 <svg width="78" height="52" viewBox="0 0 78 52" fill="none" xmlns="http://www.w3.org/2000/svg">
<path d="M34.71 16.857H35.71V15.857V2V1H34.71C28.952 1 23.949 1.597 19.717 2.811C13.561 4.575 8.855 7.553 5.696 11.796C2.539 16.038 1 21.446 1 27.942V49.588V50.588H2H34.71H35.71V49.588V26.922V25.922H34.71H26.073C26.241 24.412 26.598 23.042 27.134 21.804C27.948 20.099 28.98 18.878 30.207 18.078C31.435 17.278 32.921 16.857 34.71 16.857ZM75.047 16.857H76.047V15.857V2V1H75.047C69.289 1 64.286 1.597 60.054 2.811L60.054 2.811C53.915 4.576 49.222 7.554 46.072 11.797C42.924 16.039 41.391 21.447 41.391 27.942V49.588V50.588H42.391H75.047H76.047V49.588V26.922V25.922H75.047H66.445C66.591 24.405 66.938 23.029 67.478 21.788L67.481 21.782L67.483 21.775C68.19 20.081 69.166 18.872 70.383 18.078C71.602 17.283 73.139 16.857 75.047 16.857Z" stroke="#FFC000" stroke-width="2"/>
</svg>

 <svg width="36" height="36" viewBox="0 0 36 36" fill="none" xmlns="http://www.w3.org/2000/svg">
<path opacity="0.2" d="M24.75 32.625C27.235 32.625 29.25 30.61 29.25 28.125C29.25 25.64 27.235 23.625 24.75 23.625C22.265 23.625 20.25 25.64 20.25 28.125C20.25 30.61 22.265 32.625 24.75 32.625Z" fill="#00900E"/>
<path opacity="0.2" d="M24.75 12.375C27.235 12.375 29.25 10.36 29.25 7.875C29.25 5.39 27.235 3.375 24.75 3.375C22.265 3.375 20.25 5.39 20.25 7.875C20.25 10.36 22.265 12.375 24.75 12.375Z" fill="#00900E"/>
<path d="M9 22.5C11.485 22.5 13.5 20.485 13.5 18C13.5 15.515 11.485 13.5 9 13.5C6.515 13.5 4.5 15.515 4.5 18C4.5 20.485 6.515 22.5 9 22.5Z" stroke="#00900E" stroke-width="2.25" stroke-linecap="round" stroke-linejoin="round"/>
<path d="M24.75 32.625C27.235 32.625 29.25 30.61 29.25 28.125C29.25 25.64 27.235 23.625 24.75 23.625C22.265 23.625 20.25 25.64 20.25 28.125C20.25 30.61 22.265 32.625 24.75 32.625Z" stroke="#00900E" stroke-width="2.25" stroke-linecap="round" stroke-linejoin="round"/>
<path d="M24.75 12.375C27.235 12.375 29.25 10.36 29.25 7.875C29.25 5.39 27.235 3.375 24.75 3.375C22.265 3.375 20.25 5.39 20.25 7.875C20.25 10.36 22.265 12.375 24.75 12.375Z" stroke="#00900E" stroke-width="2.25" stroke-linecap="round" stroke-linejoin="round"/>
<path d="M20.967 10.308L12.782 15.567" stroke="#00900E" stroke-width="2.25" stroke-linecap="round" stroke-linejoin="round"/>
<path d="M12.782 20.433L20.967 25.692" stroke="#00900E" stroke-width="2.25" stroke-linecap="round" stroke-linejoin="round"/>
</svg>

▸ TASK: Each line of the listing must be output once more, exactly as shown above.

▸ SOLUTION FOR THIS EXERCISE:
 <svg width="78" height="52" viewBox="0 0 78 52" fill="none" xmlns="http://www.w3.org/2000/svg">
<path d="M34.71 16.857H35.71V15.857V2V1H34.71C28.952 1 23.949 1.597 19.717 2.811C13.561 4.575 8.855 7.553 5.696 11.796C2.539 16.038 1 21.446 1 27.942V49.588V50.588H2H34.71H35.71V49.588V26.922V25.922H34.71H26.073C26.241 24.412 26.598 23.042 27.134 21.804C27.948 20.099 28.98 18.878 30.207 18.078C31.435 17.278 32.921 16.857 34.71 16.857ZM75.047 16.857H76.047V15.857V2V1H75.047C69.289 1 64.286 1.597 60.054 2.811L60.054 2.811C53.915 4.576 49.222 7.554 46.072 11.797C42.924 16.039 41.391 21.447 41.391 27.942V49.588V50.588H42.391H75.047H76.047V49.588V26.922V25.922H75.047H66.445C66.591 24.405 66.938 23.029 67.478 21.788L67.481 21.782L67.483 21.775C68.19 20.081 69.166 18.872 70.383 18.078C71.602 17.283 73.139 16.857 75.047 16.857Z" stroke="#FFC000" stroke-width="2"/>
</svg>

 <svg width="36" height="36" viewBox="0 0 36 36" fill="none" xmlns="http://www.w3.org/2000/svg">
<path opacity="0.2" d="M24.75 32.625C27.235 32.625 29.25 30.61 29.25 28.125C29.25 25.64 27.235 23.625 24.75 23.625C22.265 23.625 20.25 25.64 20.25 28.125C20.25 30.61 22.265 32.625 24.75 32.625Z" fill="#00900E"/>
<path opacity="0.2" d="M24.75 12.375C27.235 12.375 29.25 10.36 29.25 7.875C29.25 5.39 27.235 3.375 24.75 3.375C22.265 3.375 20.25 5.39 20.25 7.875C20.25 10.36 22.265 12.375 24.75 12.375Z" fill="#00900E"/>
<path d="M9 22.5C11.485 22.5 13.5 20.485 13.5 18C13.5 15.515 11.485 13.5 9 13.5C6.515 13.5 4.5 15.515 4.5 18C4.5 20.485 6.515 22.5 9 22.5Z" stroke="#00900E" stroke-width="2.25" stroke-linecap="round" stroke-linejoin="round"/>
<path d="M24.75 32.625C27.235 32.625 29.25 30.61 29.25 28.125C29.25 25.64 27.235 23.625 24.75 23.625C22.265 23.625 20.25 25.64 20.25 28.125C20.25 30.61 22.265 32.625 24.75 32.625Z" stroke="#00900E" stroke-width="2.25" stroke-linecap="round" stroke-linejoin="round"/>
<path d="M24.75 12.375C27.235 12.375 29.25 10.36 29.25 7.875C29.25 5.39 27.235 3.375 24.75 3.375C22.265 3.375 20.25 5.39 20.25 7.875C20.25 10.36 22.265 12.375 24.75 12.375Z" stroke="#00900E" stroke-width="2.25" stroke-linecap="round" stroke-linejoin="round"/>
<path d="M20.967 10.308L12.782 15.567" stroke="#00900E" stroke-width="2.25" stroke-linecap="round" stroke-linejoin="round"/>
<path d="M12.782 20.433L20.967 25.692" stroke="#00900E" stroke-width="2.25" stroke-linecap="round" stroke-linejoin="round"/>
</svg>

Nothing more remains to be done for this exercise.